When Congress created the PCAOB in 2002, it charged the Board with oversight of the auditors of all U.S. public companies and provided that the Board's work would be funded by those public companies, in proportion to each issuer's market capitalization. Last summer, in the Dodd-Frank Wall Street Reform and Consumer Protection Act, Congress expanded the Board's responsibilities to include the auditors of all SEC-registered brokers and dealers. Building on the 2002 self-funding approach, Dodd-Frank requires broker-dealers to contribute to Board funding in proportion to net capital.
Broker-dealer net capital is highly concentrated. Of the 4,656 brokers that are FINRA members, or for which FINRA is the examining or financial review authority, less than one percent — just 33 firms — hold 80 percent of all broker-dealer tentative net capital. The great majority of brokerage firms are small. In fact, under any allocation methodology, several thousand broker-dealers would pay nothing simply because of the Board's practice of rounding fee allocations to the nearest $100.
The new funding rules provide that only broker-dealers with tentative net capital in excess of $5 million will pay a share of the Board's accounting support fee. About 640 firms — round 14 percent — exceed the $5 million threshold. Last year, the Board estimated that about 7.1 percent of its 2011 budget, or about $14.4 million, will be devoted to the oversight of broker-dealer auditors.

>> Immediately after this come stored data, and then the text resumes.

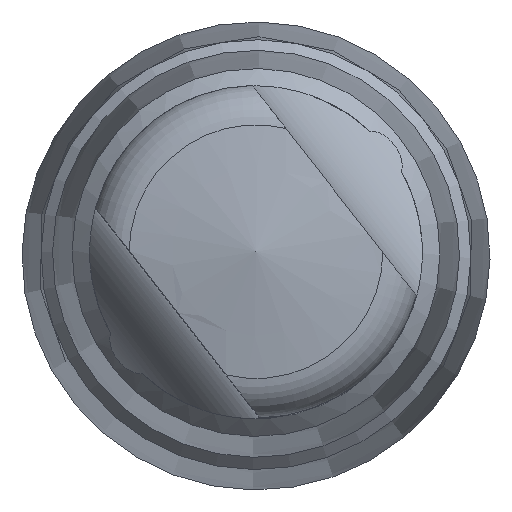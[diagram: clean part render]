
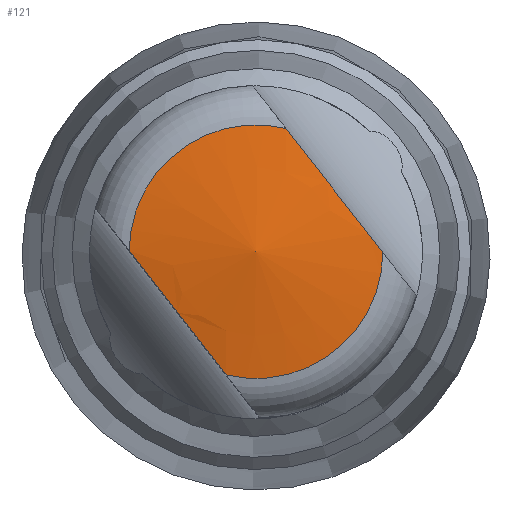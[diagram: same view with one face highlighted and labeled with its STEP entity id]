
A CAD part, top view. The second image highlights one B-rep face of the part: STEP entity #121.
In plain terms, the highlighted conical face has half-angle 82 degrees and reference radius 3.317 mm.
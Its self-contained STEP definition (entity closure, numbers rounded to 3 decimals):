
#64=VERTEX_LOOP('',#282);
#74=CONICAL_SURFACE('',#421,3.317,82.);
#100=FACE_BOUND('',#170,.T.);
#101=FACE_BOUND('',#64,.T.);
#121=ADVANCED_FACE('',(#100,#101),#74,.T.);
#170=EDGE_LOOP('',(#225,#226,#227,#228));
#225=ORIENTED_EDGE('',*,*,#316,.F.);
#226=ORIENTED_EDGE('',*,*,#293,.T.);
#227=ORIENTED_EDGE('',*,*,#317,.F.);
#228=ORIENTED_EDGE('',*,*,#314,.T.);
#261=VERTEX_POINT('',#607);
#262=VERTEX_POINT('',#624);
#280=VERTEX_POINT('',#762);
#281=VERTEX_POINT('',#764);
#282=VERTEX_POINT('',#790);
#293=EDGE_CURVE('',#261,#262,#324,.T.);
#314=EDGE_CURVE('',#281,#280,#338,.T.);
#316=EDGE_CURVE('',#261,#280,#358,.T.);
#317=EDGE_CURVE('',#281,#262,#359,.T.);
#324=CIRCLE('',#393,3.317);
#338=CIRCLE('',#419,3.317);
#358=B_SPLINE_CURVE_WITH_KNOTS('',3,(#782,#783,#784,#785),.UNSPECIFIED.,
 .F.,.F.,(4,4),(0.,1.),.UNSPECIFIED.);
#359=B_SPLINE_CURVE_WITH_KNOTS('',3,(#786,#787,#788,#789),.UNSPECIFIED.,
 .F.,.F.,(4,4),(0.,1.),.UNSPECIFIED.);
#393=AXIS2_PLACEMENT_3D('',#625,#454,#455);
#419=AXIS2_PLACEMENT_3D('',#763,#508,#509);
#421=AXIS2_PLACEMENT_3D('',#791,#512,#513);
#454=DIRECTION('',(0.,0.,1.));
#455=DIRECTION('',(0.987,0.16,0.));
#508=DIRECTION('',(0.,0.,1.));
#509=DIRECTION('',(0.987,0.16,0.));
#512=DIRECTION('',(0.,0.,-1.));
#513=DIRECTION('',(0.987,0.16,0.));
#607=CARTESIAN_POINT('',(-0.782,-3.224,61.534));
#624=CARTESIAN_POINT('',(3.317,-0.023,61.534));
#625=CARTESIAN_POINT('',(0.,0.,61.534));
#762=CARTESIAN_POINT('',(-3.317,0.023,61.534));
#763=CARTESIAN_POINT('',(0.,0.,61.534));
#764=CARTESIAN_POINT('',(0.782,3.224,61.534));
#782=CARTESIAN_POINT('',(-0.782,-3.224,61.534));
#783=CARTESIAN_POINT('',(-1.626,-2.143,61.654));
#784=CARTESIAN_POINT('',(-2.472,-1.058,61.654));
#785=CARTESIAN_POINT('',(-3.317,0.023,61.534));
#786=CARTESIAN_POINT('',(0.782,3.224,61.534));
#787=CARTESIAN_POINT('',(1.626,2.143,61.654));
#788=CARTESIAN_POINT('',(2.472,1.058,61.654));
#789=CARTESIAN_POINT('',(3.317,-0.023,61.534));
#790=CARTESIAN_POINT('',(0.,0.,62.));
#791=CARTESIAN_POINT('',(0.,0.,61.534));

As a result, in 2011, brokerage firm support fees are estimated to range from a low of $400 to a high of $1.1 million per firm. About 100 of the 640 firms will pay $500 or less, while three will pay over $1 million.
The Board has the authority to exempt the auditors of classes of broker-dealers from Board oversight. As we already have discussed today, the Board will make decisions on any exemptions after it has gathered more information through its interim inspection program. However, in my view, few, if any, of the larger broker-dealers that will be paying the support fee are likely to find that their auditors will ultimately be exempt from PCAOB oversight.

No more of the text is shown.